§ What is being asked
Among the records below, which lines contain the string "desde"? Report them.

§ Data provided
------------------------------------------------------------

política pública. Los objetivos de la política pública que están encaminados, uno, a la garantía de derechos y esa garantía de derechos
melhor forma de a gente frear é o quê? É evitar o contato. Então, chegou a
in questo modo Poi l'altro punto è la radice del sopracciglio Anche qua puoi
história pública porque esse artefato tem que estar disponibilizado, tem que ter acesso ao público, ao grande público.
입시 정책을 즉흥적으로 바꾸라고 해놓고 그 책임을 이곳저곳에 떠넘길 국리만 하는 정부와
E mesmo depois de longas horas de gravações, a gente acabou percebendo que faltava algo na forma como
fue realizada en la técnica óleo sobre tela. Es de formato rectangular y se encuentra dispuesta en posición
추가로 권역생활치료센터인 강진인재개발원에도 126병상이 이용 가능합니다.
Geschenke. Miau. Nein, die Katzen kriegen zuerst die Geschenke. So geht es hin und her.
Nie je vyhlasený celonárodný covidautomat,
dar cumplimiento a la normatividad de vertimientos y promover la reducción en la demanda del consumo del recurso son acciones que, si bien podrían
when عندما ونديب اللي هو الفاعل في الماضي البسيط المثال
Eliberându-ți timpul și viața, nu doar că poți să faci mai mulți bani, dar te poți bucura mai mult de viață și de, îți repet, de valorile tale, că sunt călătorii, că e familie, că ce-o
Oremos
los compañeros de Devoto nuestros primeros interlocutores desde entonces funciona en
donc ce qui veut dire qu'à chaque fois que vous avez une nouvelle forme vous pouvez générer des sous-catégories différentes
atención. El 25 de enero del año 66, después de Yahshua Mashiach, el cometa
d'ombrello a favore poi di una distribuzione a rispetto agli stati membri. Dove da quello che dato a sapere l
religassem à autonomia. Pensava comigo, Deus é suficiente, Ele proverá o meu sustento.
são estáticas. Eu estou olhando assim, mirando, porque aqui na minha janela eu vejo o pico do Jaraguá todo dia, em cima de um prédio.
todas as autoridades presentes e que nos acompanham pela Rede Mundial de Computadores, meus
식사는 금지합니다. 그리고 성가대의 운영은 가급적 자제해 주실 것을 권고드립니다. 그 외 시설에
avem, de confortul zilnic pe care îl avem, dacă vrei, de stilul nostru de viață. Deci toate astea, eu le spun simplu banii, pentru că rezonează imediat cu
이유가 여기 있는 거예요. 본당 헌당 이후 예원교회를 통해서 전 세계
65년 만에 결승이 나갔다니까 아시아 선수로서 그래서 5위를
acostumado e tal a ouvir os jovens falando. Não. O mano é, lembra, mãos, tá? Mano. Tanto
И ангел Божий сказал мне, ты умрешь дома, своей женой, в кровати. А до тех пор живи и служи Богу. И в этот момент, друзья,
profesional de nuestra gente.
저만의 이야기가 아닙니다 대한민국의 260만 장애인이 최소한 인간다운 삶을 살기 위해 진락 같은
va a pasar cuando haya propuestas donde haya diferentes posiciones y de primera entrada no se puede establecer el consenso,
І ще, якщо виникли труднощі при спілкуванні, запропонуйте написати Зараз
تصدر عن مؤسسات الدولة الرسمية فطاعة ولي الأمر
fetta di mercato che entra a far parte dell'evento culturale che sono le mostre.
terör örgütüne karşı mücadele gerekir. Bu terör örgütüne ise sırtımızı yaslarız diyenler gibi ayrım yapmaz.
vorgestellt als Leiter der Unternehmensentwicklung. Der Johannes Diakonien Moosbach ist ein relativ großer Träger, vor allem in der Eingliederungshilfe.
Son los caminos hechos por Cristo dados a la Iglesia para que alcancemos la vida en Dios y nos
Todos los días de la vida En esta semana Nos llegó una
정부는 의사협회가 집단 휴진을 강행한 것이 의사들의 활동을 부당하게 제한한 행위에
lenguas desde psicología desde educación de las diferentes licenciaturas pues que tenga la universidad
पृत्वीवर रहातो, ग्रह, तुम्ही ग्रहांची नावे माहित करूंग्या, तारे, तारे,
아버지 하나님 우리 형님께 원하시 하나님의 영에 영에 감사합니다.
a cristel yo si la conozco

------------------------------------------------------------

§ Problem solution
los compañeros de Devoto nuestros primeros interlocutores desde entonces funciona en
lenguas desde psicología desde educación de las diferentes licenciaturas pues que tenga la universidad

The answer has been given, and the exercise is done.